(Collected data)
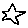
Label: star
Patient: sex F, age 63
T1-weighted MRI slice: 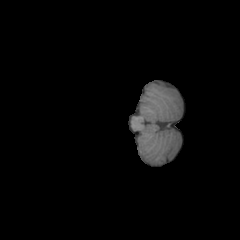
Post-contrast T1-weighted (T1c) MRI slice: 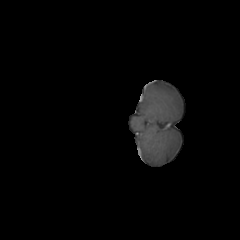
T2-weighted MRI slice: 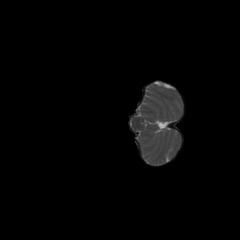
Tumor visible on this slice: no
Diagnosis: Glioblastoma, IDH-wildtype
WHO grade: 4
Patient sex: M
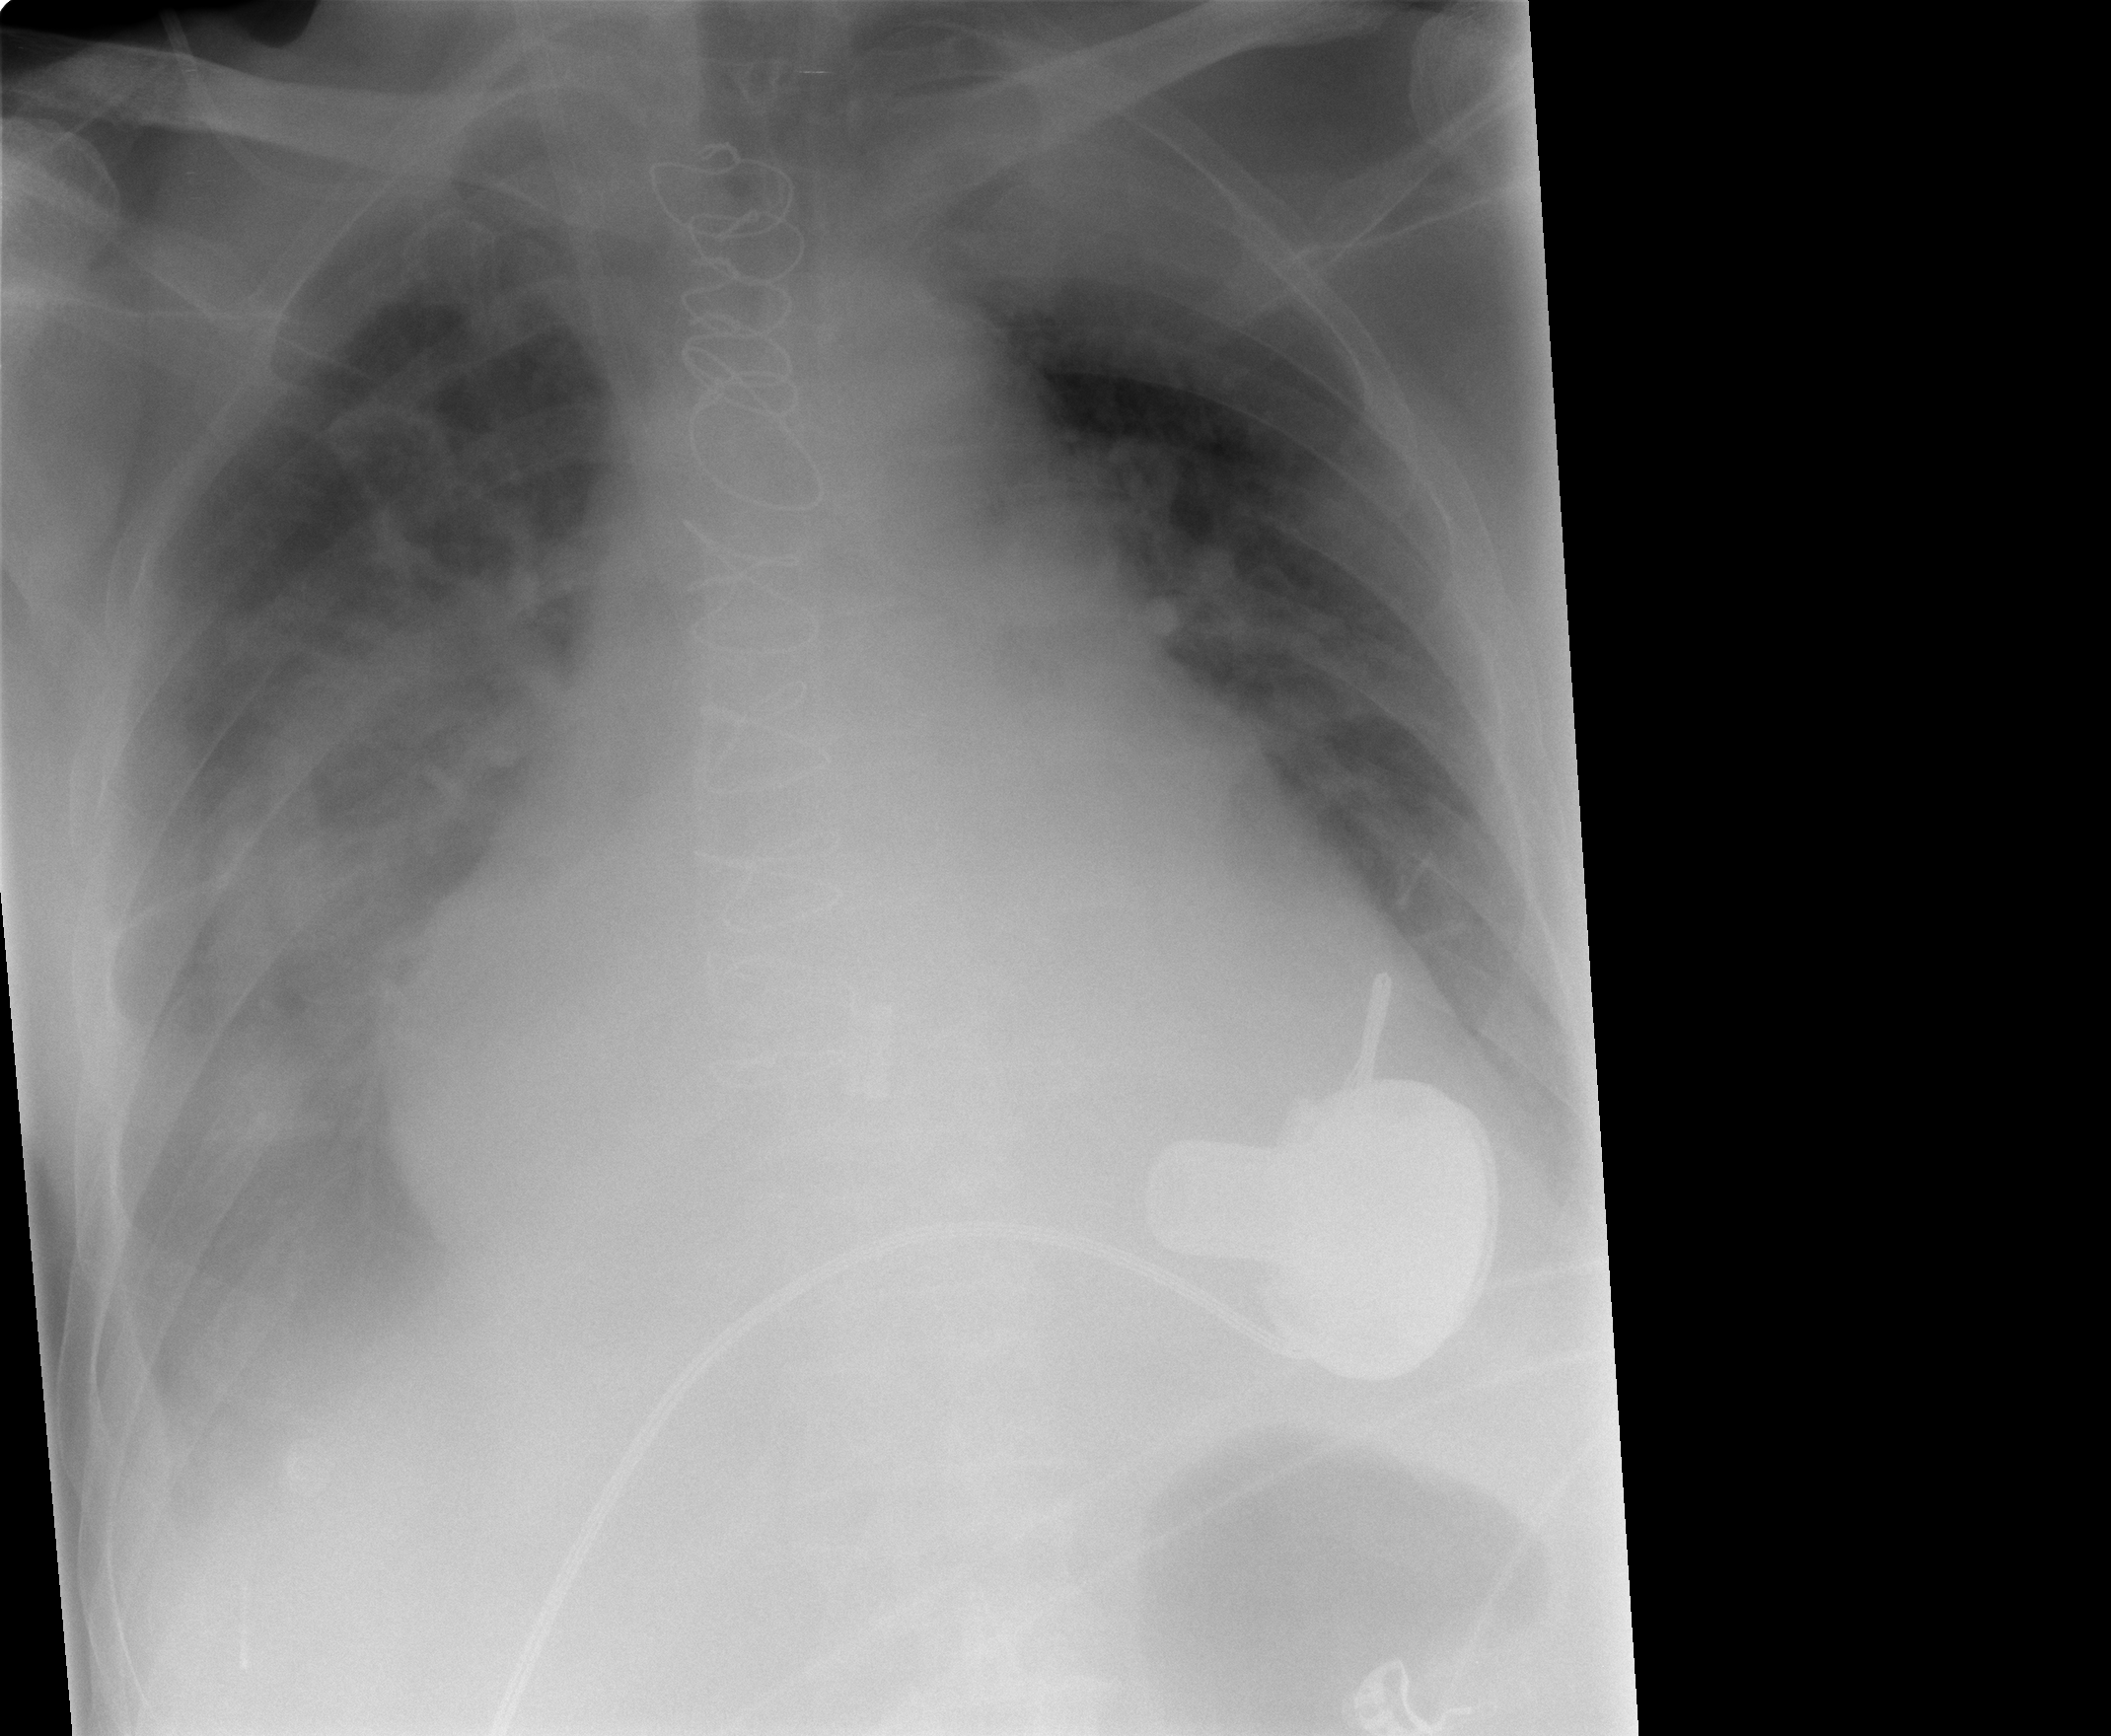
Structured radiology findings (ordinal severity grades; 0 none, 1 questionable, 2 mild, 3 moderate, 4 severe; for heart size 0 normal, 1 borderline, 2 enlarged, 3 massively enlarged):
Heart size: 2
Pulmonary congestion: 3
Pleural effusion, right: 3
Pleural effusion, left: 2
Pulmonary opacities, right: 2
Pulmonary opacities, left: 2
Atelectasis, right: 2
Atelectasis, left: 2
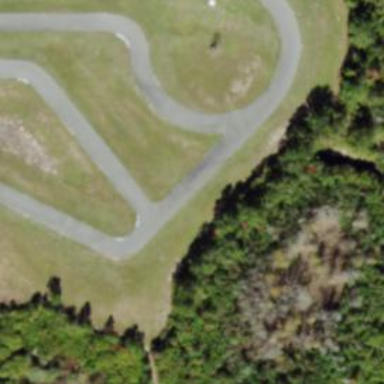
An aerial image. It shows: Raceway for motor sports.
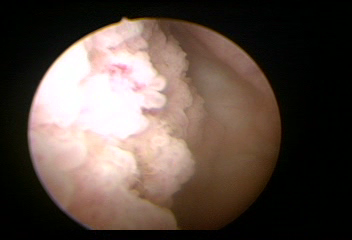
Modality: WLC
Class: Malignant
Subclass: HighGradePapillary
Lesion: L2
Stage: Ta
Morphology: Papillary
Bladder cancer association: Yes
Annotated structures: Tumor
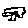
Label: tree
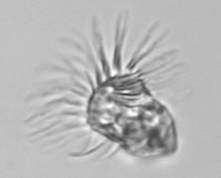
Label: Strombidium_inclinatum
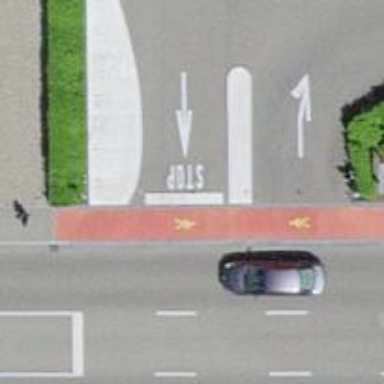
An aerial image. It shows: Road with stop sign.
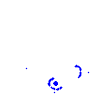
Particle: pion
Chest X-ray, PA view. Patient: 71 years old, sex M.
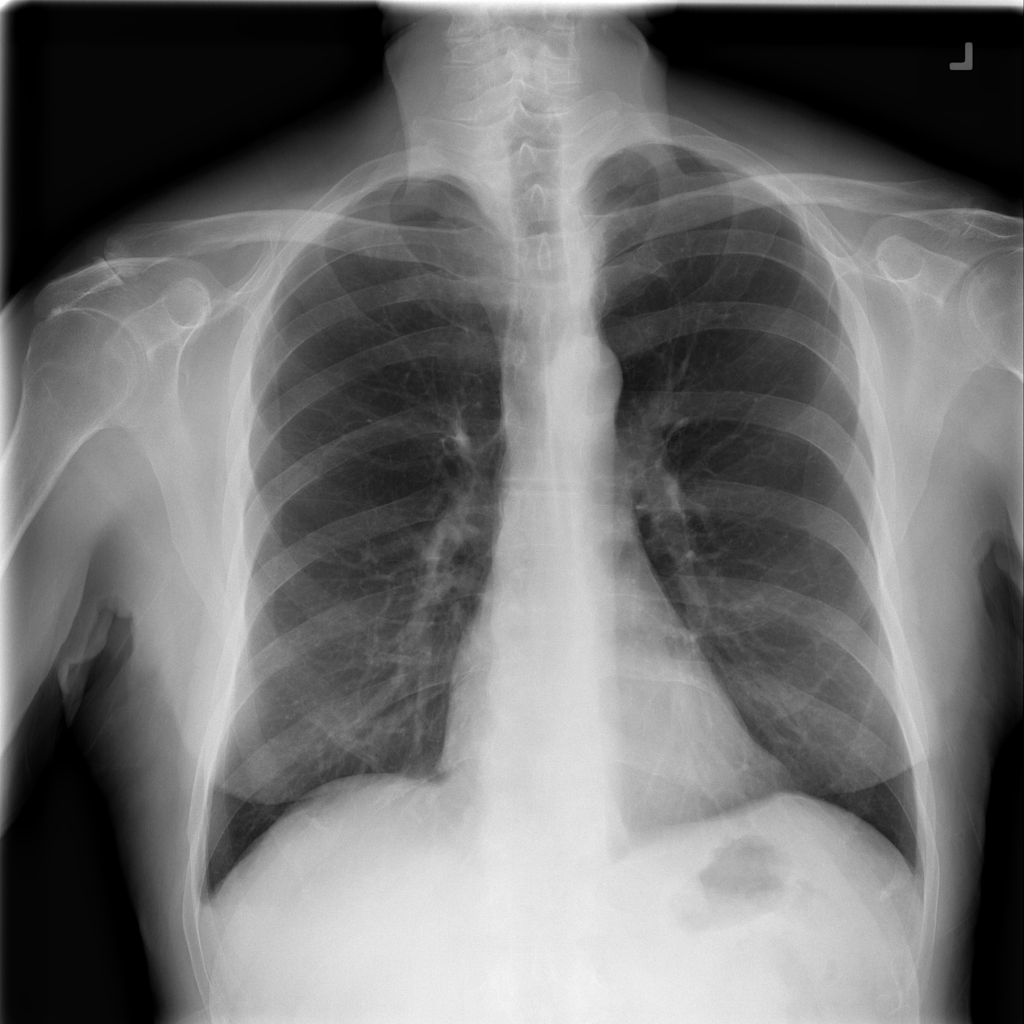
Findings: No Finding
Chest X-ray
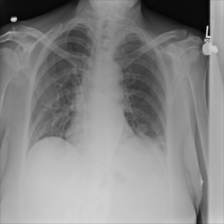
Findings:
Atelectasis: positive
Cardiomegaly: negative
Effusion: negative
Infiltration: negative
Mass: negative
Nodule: negative
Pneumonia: negative
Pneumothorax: negative
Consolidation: negative
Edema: negative
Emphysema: negative
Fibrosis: negative
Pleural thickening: negative
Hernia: negative
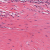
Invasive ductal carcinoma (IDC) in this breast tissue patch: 0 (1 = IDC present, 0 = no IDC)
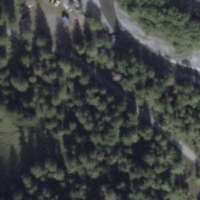
EUNIS habitat code: 23
Species observed at this site:
Caltha palustris
Cypripedium calceolus
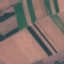
Land use / land cover: AnnualCrop
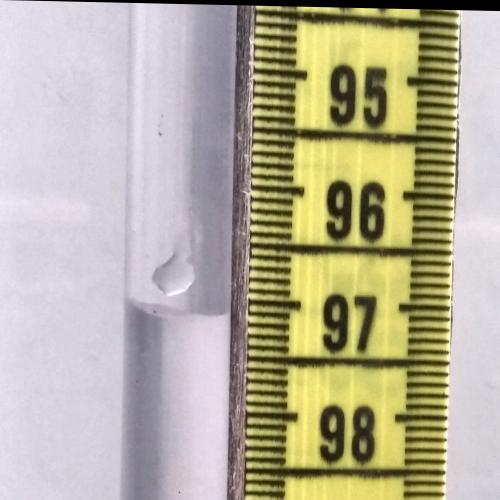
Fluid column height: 97.1 cm
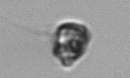
Label: flagellate
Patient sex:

# PROMPT
A count is needed of the lines in this data that contain "left"; give the number and no other text.

# REPLY
3